/---

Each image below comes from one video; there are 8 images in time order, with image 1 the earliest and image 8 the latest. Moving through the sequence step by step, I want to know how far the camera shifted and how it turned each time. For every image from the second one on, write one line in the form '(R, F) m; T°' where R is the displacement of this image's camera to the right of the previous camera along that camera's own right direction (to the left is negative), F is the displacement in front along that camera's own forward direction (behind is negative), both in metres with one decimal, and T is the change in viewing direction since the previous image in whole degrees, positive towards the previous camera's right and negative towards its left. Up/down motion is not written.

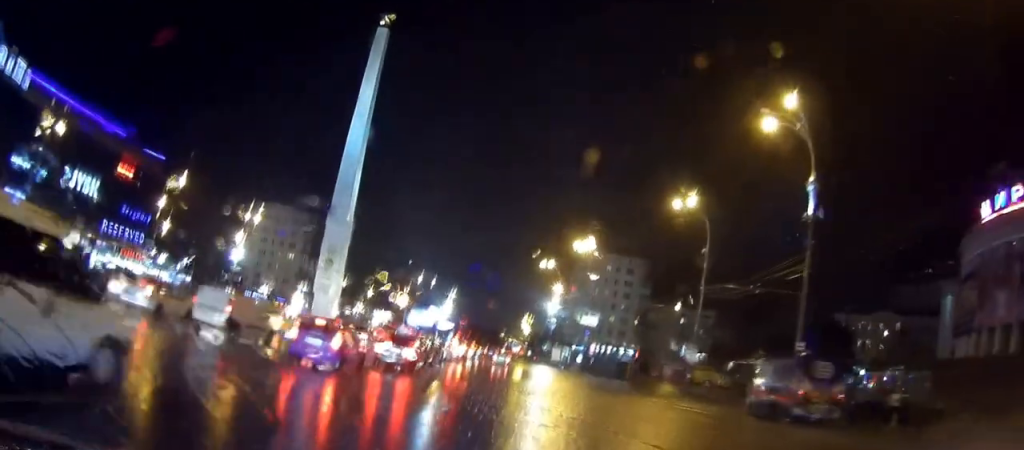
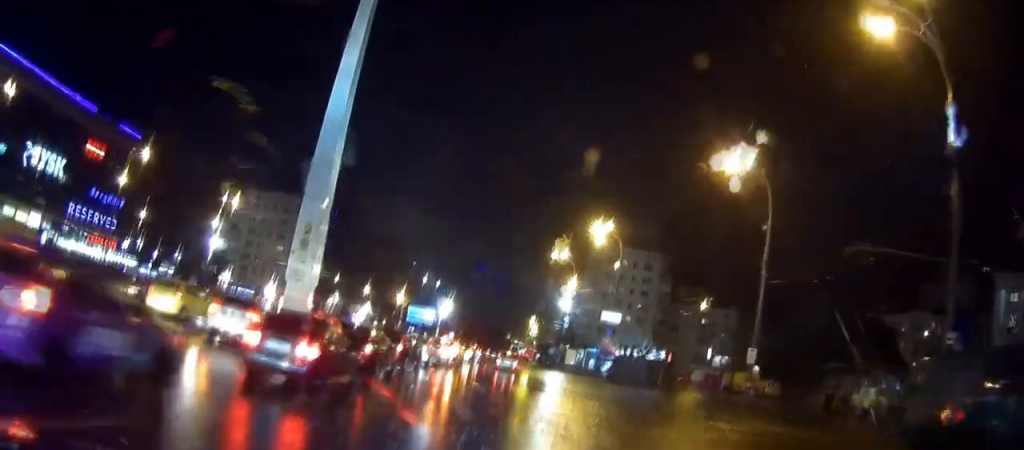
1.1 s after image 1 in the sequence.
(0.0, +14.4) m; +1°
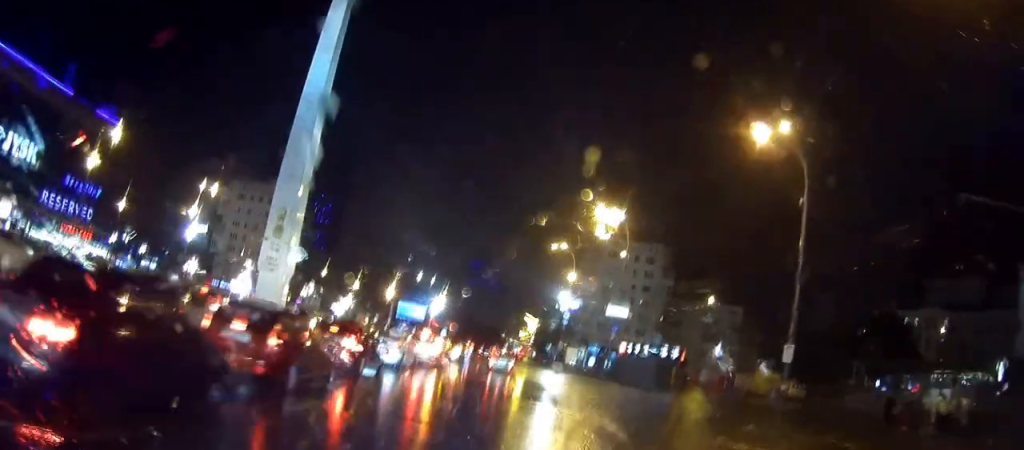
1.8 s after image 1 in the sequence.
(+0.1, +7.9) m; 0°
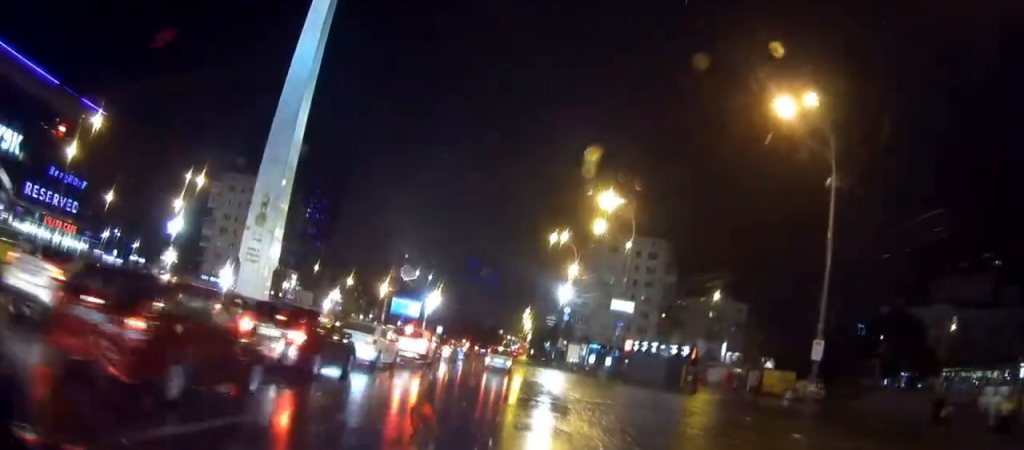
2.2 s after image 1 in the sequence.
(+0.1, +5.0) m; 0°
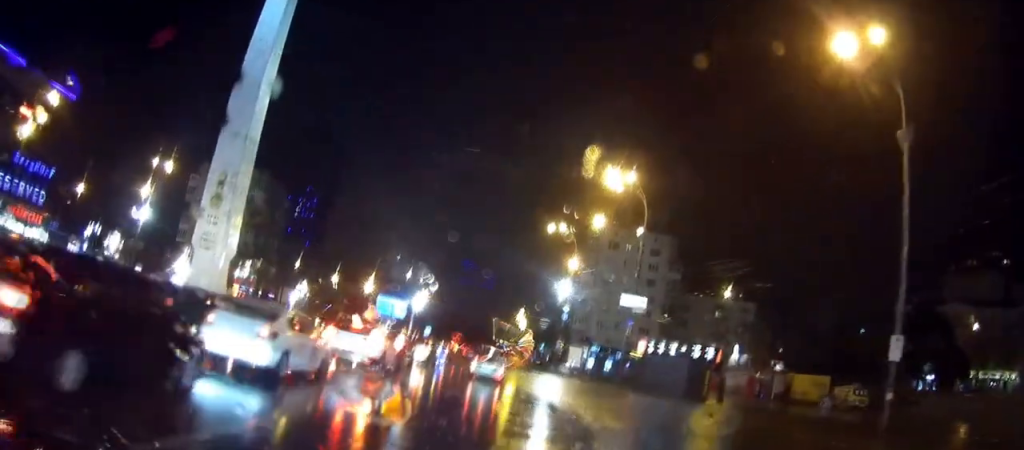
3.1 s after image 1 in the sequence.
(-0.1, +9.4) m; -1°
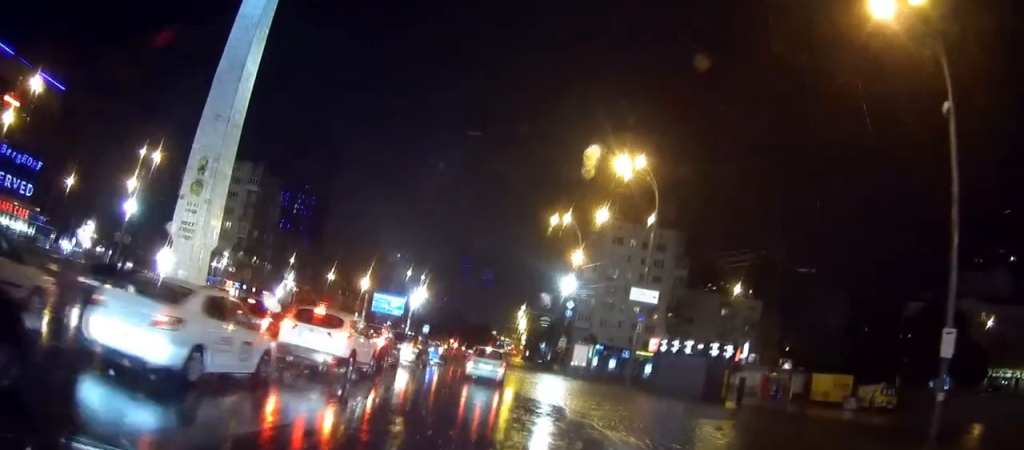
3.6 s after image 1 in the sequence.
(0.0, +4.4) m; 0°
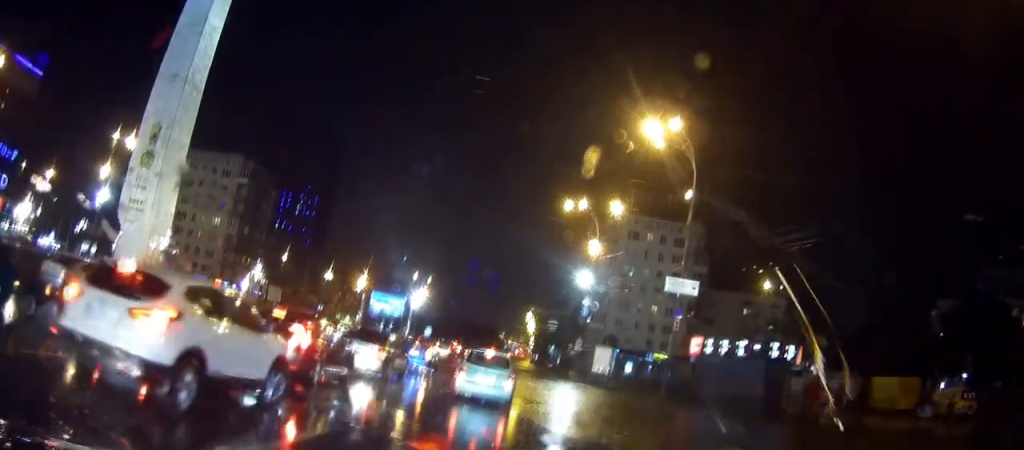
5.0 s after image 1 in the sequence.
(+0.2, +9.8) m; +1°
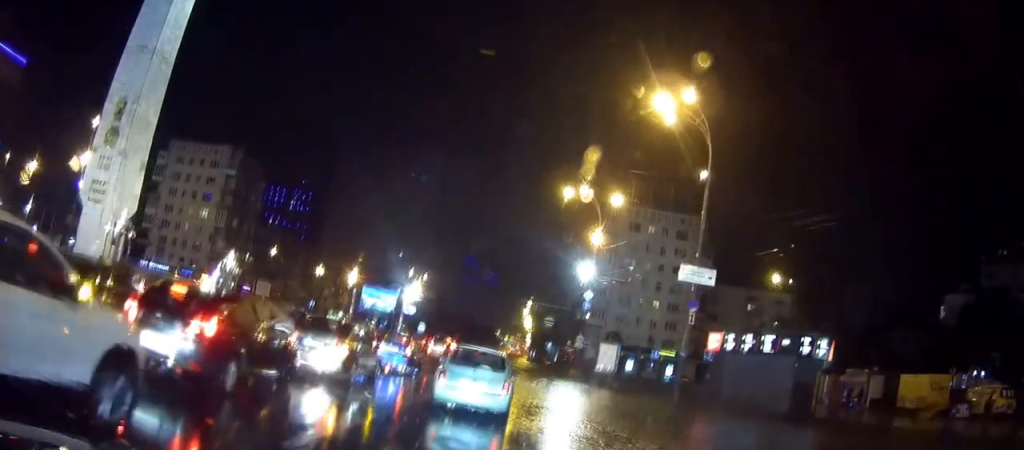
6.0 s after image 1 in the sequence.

\---

▸ ACTION ITEM:
Please leave out the pictures while you copy exactly the lines from the one containing "1.8 s after image 1 in the sequence." through the end of the records.

▸ ANSWER SECTION:
1.8 s after image 1 in the sequence.
(+0.1, +7.9) m; 0°
2.2 s after image 1 in the sequence.
(+0.1, +5.0) m; 0°
3.1 s after image 1 in the sequence.
(-0.1, +9.4) m; -1°
3.6 s after image 1 in the sequence.
(0.0, +4.4) m; 0°
5.0 s after image 1 in the sequence.
(+0.2, +9.8) m; +1°
6.0 s after image 1 in the sequence.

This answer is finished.